WHAT IS BEING ASKED —
Scan the listing below and copy every line holding "para".

THE DATA —
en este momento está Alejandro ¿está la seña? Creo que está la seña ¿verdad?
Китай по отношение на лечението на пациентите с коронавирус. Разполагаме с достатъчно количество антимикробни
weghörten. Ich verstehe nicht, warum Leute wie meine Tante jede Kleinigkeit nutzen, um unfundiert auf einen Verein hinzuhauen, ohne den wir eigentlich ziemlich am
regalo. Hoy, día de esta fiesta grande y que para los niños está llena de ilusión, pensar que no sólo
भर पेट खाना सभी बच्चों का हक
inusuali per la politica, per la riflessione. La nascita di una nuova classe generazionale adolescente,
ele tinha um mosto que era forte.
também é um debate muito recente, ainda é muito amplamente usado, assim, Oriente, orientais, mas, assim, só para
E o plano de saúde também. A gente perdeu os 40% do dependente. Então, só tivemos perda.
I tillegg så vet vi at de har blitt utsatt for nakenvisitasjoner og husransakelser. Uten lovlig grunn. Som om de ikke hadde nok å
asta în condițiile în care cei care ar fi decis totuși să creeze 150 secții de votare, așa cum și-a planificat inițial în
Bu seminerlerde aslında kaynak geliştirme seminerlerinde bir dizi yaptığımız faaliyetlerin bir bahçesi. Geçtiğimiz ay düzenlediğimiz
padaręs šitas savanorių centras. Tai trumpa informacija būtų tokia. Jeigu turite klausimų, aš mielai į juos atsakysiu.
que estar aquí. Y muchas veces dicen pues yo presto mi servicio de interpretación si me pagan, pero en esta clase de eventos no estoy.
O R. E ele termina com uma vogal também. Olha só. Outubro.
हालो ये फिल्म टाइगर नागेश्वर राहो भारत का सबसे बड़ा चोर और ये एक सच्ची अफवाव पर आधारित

REPLY TO THE TASK —
regalo. Hoy, día de esta fiesta grande y que para los niños está llena de ilusión, pensar que no sólo
também é um debate muito recente, ainda é muito amplamente usado, assim, Oriente, orientais, mas, assim, só para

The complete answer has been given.